不過這難不住李大勇,就見他第一下斜著下鋸,鋸口兩邊都是三角形。
這樣一來,第一塊掉落的木頭橛子,一邊是方形,一邊是直角。
第二鋸,先找準大小,在直著下鋸,鋸口兩邊都是方塊,但鋸下來的第二塊木頭橛子,另一邊是直角。
就這樣,一鋸斜、一鋸直,李大勇干活麻溜,還能跟趙有財嘮著嗑。
「哥。」李大勇小心地打兩下四周,小聲地問趙有財道∶「你這兩天咋樣啊」
「別提了,兄弟」趙有財道∶「不咋順利啊。」
二人正說著,王美蘭從外面回來,一看倆人在鋸方子,王美蘭問了兩句也就進屋了。
這時候,趙軍和解臣都已經吃完飯了,二人回西屋換衣服、穿雨鞋。
九月的晚上,山里老冷了。趙軍找出自己的兩條薄棉褲,一條給了解臣,倆人一起穿上,再套外褲。
「兒子」來在西屋門口,王美蘭將趙軍叫出屋來,把試亮完的手電筒和電池、燈泡都了他,并囑咐道「你用不用把你爸領著呀我看他今天挺積極的。」
「呵,咳。」趙軍差點樂出聲來,清了一下嗓子才說∶「別折騰我爸了,寶玉也去。」
「那行。」聽李寶玉也跟著去,王美蘭更放心了。雖然只是抓個獾子,但這大晚上的進山,多一個人就多一分保障。

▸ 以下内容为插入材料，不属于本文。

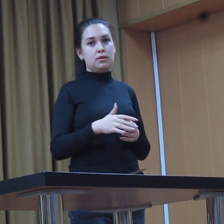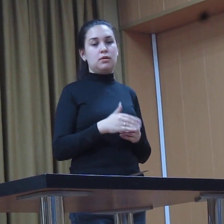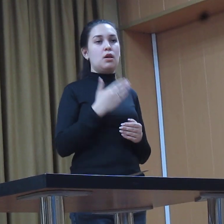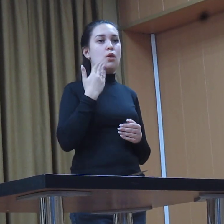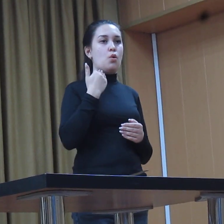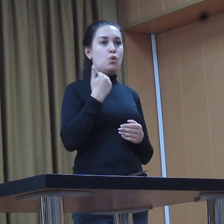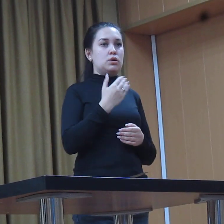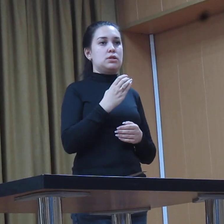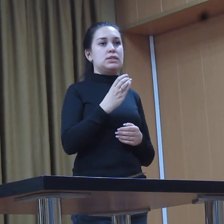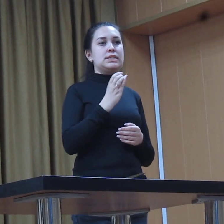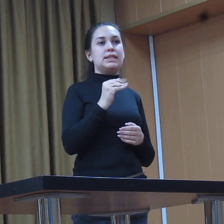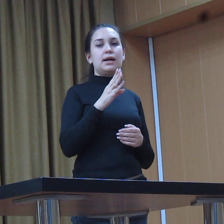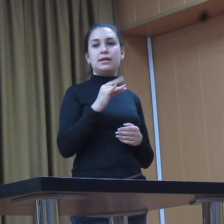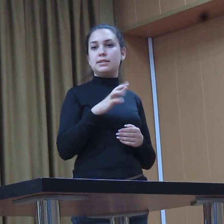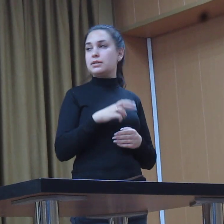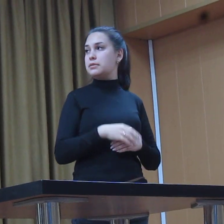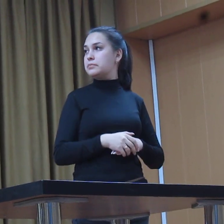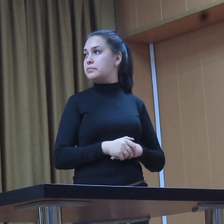легкая стадия.

但見趙軍回屋以后,把墻上的兩把槍都摘下來,然后又從旁邊的一把擼兜子里掏出兩盒子彈,王美蘭幾步來在趙軍身旁,小聲道∶「兒子,是不是媽嘴快,給你惹事了。」
「媽,你說啥呢。」趙軍笑道∶「這算啥事啊,我們兩把半自動,到哪兒也不怕啊。媽,你看那菜要涼了,你就熱一下,完了不用掂心我們。」
等王美蘭把趙軍、解臣送出屋外時,李大勇和趙有財正往麻袋里裝方子呢。
這邊趙軍出來,那邊李寶玉也從他家快步出來,當媽的金小梅,同樣從屋里出來送她兒子。
到了門外,趙軍把木頭方子、大錘、大斧、彎把子鋸,全放在后車箱里,然后跟解臣說「走,上張大哥家去。」
「還帶著他呀」李寶玉聞言,笑道「用去那么多人么」
趙軍道「咱們下對子得放樹,把他家油鋸拿著,那不是快么。」
說到此處,趙軍又補一句,說「他要看咱們去,他肯定也得跟著。」
說完,趙軍和李寶玉一起上了后車箱,而副駕駛的位置,則給張援民留著。
解臣發動汽車,很快就來到了張援民家。
雖然隔著籬笆仗子,見張援民家屋里的燈還亮著,但這時候左鄰右舍就有睡覺的了,所以趙軍沒讓解臣按喇叭,而是讓李寶玉翻仗子去叫張援民出來。
李寶玉到張援民家窗前敲了兩下,不大一會兒,張援民和楊玉鳳都出來了,兩口子跟李寶玉一起來在院門前,張援民把院門打開,出來就問趙軍道∶「兄弟,有事啊」
「大哥。」趙軍直接開門見山地說「我們要進山。」
張援民聞言,當即就道∶「兄弟,你等我兩分鐘,我換衣服跟你去」
「行」趙軍又叫住張援民,說∶「大哥,你把油鋸帶著哈。」
「拿油鋸」張援民聞言一怔,下意識地問道「拿那玩意干啥呀」
趙軍答道「馬玲她媽把腳燙了,我尋思上山下倆對子,砸兩個獾子爛油。」